WHAT YOU SHOULD DO
After locating the line that holds "སྤྱོད་དབང་མོའི", output it and all following lines word for word, stopping only at the end of the data.
Start of INFORMATION SUPPLIED
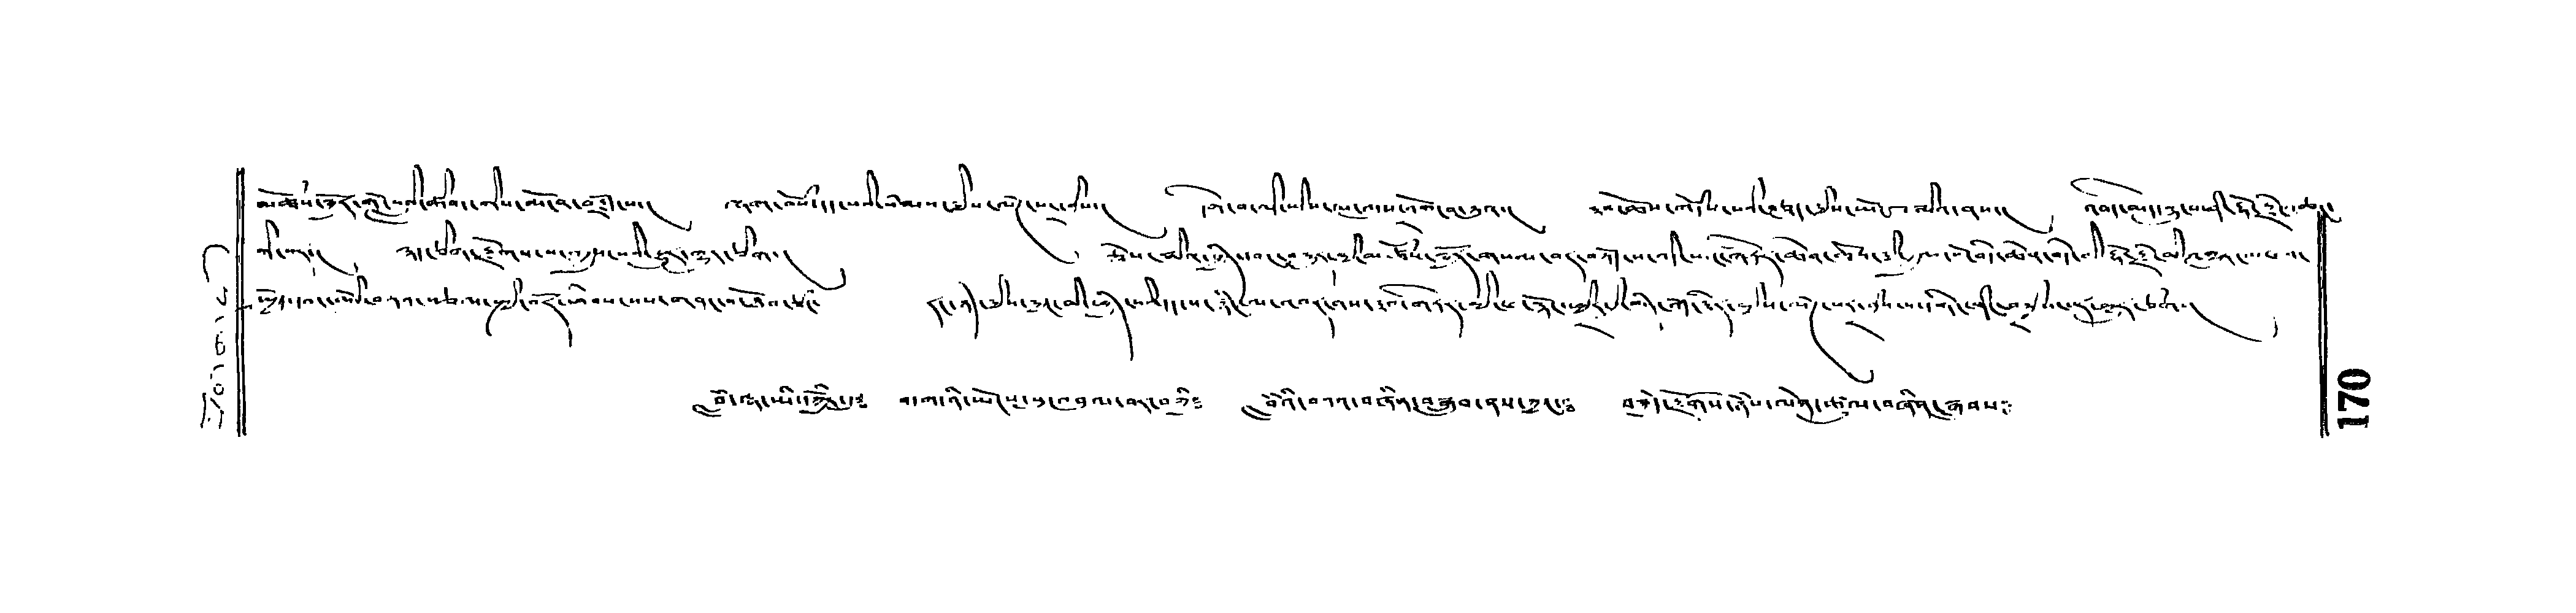།མཚམས་སྦྱོར་གོ་སླའི་ཚིག་གིས་མངོན་བརྗོད་པ། །ལྷག་བསམ་དད་པའི་སེམས་ཀྱིས་ལེགས་པར་བྲིས། །དགེ་བ་འདི་ཡིས་མ་ལུས་འགྲོ་བ་ཀུན། །ཟབ་ཆོས་གདམས་པའི་བཅུད་ཀྱིས་ཡོངས་སྨིན་ནས། །འབད་མེད་སྐུ་བཞི་རྡོ་རྗེ་འཆང་
གི་སར། །སྐད་ཅིག་རྫོགས་སངས་རྒྱས་པའི་རྒྱུར་གྱུར་ཅིག ཅེས་སྨིན་བྱེད་དབང་བསྐུར་ཀྱི་མཚམས་སྦྱོར་གསལ་བར་བཀོད་པ་འདི་ཡང་གཏེར་ཆེན་ཆོས་ཀྱི་རྒྱལ་པོ་བདེ་ཆེན་བདེ་བའི་རྡོ་རྗེ་མི་འགྱུར་མཁའ་
སྤྱོད་དབང་མོའི་བཀའ་བསྩལ་སྤྱི་བོར་ཕེབས་པས་གནང་བ་ཐོབ་ཅིང་།རང་ཉིད་ཀྱིས་ཀྱང་མི་ཕྱེད་པའི་དད་པ་སྙིང་ལ་འབར་ནས་ཟབ་གཏེར་གྱི་ཁ་སྐོང་ཕྱིར་དྲི་མེད་འོད་ཟེར་གྱིས་ལེགས་པར་བྲིས་པ་དགེ་ཞིང་བཀྲིས་པར་གྱུར་ཅིག། 
བླ་མ་ལྷ་ཡི་དཀྱིལ་འཁོར་དུ༔ བདག་ནི་ཡོངས་སུ་འབུལ་བར་བགྱི༔ བླ་མའི་བཀའ་བཞིན་བསྒྲུབ་ནས་ཀྱང༔ བསྐྱེད་རྫོགས་ཉམས་ལེན་ཚུལ་བཞིན་བསྒྲུབ༔
End of INFORMATION SUPPLIED
YOUR RESPONSE
སྤྱོད་དབང་མོའི་བཀའ་བསྩལ་སྤྱི་བོར་ཕེབས་པས་གནང་བ་ཐོབ་ཅིང་།རང་ཉིད་ཀྱིས་ཀྱང་མི་ཕྱེད་པའི་དད་པ་སྙིང་ལ་འབར་ནས་ཟབ་གཏེར་གྱི་ཁ་སྐོང་ཕྱིར་དྲི་མེད་འོད་ཟེར་གྱིས་ལེགས་པར་བྲིས་པ་དགེ་ཞིང་བཀྲིས་པར་གྱུར་ཅིག། 
བླ་མ་ལྷ་ཡི་དཀྱིལ་འཁོར་དུ༔ བདག་ནི་ཡོངས་སུ་འབུལ་བར་བགྱི༔ བླ་མའི་བཀའ་བཞིན་བསྒྲུབ་ནས་ཀྱང༔ བསྐྱེད་རྫོགས་ཉམས་ལེན་ཚུལ་བཞིན་བསྒྲུབ༔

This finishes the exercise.